**ASSIGNMENT:** Return the records exactly, keeping every line as it is.

**DATASET CONTENT:**
▼▼▼

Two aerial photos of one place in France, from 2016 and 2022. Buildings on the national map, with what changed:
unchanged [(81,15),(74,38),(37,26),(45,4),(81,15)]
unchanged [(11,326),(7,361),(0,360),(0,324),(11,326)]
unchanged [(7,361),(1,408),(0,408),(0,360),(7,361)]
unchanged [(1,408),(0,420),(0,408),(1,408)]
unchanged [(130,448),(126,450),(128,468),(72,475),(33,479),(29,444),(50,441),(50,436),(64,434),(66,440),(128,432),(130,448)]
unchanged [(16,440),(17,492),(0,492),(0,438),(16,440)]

▲▲▲

**ANSWER BOX:**
Two aerial photos of one place in France, from 2016 and 2022. Buildings on the national map, with what changed:
unchanged [(81,15),(74,38),(37,26),(45,4),(81,15)]
unchanged [(11,326),(7,361),(0,360),(0,324),(11,326)]
unchanged [(7,361),(1,408),(0,408),(0,360),(7,361)]
unchanged [(1,408),(0,420),(0,408),(1,408)]
unchanged [(130,448),(126,450),(128,468),(72,475),(33,479),(29,444),(50,441),(50,436),(64,434),(66,440),(128,432),(130,448)]
unchanged [(16,440),(17,492),(0,492),(0,438),(16,440)]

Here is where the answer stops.